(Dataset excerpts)
__________

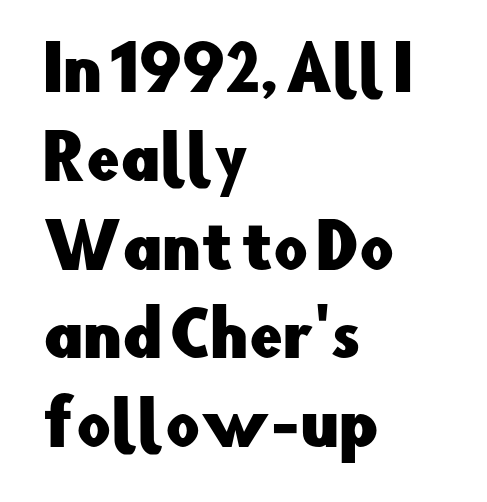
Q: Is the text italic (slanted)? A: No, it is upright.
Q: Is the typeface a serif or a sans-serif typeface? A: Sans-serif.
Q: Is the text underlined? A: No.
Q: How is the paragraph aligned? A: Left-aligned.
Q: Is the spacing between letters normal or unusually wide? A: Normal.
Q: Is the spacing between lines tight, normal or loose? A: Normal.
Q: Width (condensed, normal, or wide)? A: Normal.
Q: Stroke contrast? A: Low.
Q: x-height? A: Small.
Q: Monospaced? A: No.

__________

What is required:
When the line containing "Q: Width (condensed, normal, or" is found in the records above, restate it and every later line word for word through the last one, and nothing more.

Solution to the problem:
Q: Width (condensed, normal, or wide)? A: Normal.
Q: Stroke contrast? A: Low.
Q: x-height? A: Small.
Q: Monospaced? A: No.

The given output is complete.